:: WHAT YOU NEED TO DO ::
In the following listing, find the lines containing "magenta" and report them.
··· DATA PROVIDED
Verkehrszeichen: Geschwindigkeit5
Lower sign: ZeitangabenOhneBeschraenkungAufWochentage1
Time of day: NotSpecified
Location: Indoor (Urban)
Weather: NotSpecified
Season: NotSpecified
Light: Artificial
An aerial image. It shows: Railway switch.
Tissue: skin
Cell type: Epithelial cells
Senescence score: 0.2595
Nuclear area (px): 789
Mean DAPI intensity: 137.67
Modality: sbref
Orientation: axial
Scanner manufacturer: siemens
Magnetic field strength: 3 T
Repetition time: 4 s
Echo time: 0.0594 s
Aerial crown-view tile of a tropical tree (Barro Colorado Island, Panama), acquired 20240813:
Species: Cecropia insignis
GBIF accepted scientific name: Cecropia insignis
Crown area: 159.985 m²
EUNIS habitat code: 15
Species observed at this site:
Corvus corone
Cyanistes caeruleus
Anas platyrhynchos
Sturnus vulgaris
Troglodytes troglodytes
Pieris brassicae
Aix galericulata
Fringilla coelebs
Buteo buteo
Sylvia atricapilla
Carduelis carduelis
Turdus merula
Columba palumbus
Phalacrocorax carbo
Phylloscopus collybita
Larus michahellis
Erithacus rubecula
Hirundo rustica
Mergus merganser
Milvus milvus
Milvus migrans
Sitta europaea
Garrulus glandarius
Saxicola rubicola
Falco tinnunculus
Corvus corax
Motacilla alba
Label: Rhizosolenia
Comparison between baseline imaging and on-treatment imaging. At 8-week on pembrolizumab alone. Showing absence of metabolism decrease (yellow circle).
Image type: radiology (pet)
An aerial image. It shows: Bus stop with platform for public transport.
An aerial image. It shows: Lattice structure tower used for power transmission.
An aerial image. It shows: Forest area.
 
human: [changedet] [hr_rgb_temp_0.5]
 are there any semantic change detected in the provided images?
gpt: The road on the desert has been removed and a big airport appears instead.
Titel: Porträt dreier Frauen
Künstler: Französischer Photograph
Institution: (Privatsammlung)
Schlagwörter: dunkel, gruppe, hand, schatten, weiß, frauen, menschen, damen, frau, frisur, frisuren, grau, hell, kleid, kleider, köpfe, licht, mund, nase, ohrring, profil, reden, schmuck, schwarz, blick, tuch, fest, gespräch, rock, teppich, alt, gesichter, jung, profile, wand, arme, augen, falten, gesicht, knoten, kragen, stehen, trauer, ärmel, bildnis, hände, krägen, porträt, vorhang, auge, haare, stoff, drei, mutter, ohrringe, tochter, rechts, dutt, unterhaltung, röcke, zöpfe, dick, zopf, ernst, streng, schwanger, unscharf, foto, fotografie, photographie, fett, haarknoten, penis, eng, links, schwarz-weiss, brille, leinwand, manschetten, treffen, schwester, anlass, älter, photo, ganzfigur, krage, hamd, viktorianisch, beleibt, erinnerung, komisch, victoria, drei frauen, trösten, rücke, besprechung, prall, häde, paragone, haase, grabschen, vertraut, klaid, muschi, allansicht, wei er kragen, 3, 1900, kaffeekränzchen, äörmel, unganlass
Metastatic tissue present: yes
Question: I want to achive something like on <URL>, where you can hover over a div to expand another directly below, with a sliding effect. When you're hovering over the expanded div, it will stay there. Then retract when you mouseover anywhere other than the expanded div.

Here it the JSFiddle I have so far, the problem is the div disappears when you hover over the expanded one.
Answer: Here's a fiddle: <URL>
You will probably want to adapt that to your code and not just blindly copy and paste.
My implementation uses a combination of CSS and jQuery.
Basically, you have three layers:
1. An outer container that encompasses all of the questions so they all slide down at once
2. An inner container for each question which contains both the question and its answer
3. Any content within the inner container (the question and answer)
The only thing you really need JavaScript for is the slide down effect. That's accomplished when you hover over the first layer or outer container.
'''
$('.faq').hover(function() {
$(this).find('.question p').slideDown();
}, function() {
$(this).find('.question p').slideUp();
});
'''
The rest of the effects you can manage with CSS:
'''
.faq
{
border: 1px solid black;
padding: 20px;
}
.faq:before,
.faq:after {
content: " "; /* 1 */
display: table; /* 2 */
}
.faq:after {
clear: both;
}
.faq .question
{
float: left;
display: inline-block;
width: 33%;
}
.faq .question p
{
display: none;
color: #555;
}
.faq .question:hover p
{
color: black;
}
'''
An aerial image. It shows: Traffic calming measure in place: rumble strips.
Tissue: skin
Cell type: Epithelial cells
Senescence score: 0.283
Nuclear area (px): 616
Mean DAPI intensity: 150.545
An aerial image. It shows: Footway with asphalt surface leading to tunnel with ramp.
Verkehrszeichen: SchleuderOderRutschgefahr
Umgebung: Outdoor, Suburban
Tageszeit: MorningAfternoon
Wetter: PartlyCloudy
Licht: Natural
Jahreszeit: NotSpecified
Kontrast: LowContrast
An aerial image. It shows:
······
··· DATA PROVIDED
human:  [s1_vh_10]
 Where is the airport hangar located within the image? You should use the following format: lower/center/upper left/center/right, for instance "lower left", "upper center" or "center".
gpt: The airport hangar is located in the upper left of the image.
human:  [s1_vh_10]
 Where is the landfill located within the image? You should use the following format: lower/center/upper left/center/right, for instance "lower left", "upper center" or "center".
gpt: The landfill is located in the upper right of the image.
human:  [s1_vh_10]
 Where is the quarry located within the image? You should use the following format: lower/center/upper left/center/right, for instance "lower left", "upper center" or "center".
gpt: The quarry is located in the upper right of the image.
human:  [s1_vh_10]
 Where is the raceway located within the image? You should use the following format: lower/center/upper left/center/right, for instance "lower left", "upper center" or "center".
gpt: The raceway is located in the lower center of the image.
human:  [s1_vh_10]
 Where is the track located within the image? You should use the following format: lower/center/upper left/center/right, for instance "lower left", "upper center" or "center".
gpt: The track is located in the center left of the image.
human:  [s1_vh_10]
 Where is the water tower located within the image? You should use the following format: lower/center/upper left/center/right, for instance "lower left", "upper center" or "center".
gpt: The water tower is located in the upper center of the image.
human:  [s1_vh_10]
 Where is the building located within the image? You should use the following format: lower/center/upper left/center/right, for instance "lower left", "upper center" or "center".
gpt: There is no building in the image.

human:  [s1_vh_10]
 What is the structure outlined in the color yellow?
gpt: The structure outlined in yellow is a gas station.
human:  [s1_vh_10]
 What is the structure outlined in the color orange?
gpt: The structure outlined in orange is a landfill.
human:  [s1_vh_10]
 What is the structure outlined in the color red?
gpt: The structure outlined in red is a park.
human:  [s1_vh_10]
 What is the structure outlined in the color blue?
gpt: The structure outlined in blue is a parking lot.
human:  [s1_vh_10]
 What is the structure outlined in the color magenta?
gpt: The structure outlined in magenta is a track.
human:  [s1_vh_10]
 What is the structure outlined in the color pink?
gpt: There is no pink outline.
······
:: OUTPUT ::
 What is the structure outlined in the color magenta?
gpt: The structure outlined in magenta is a track.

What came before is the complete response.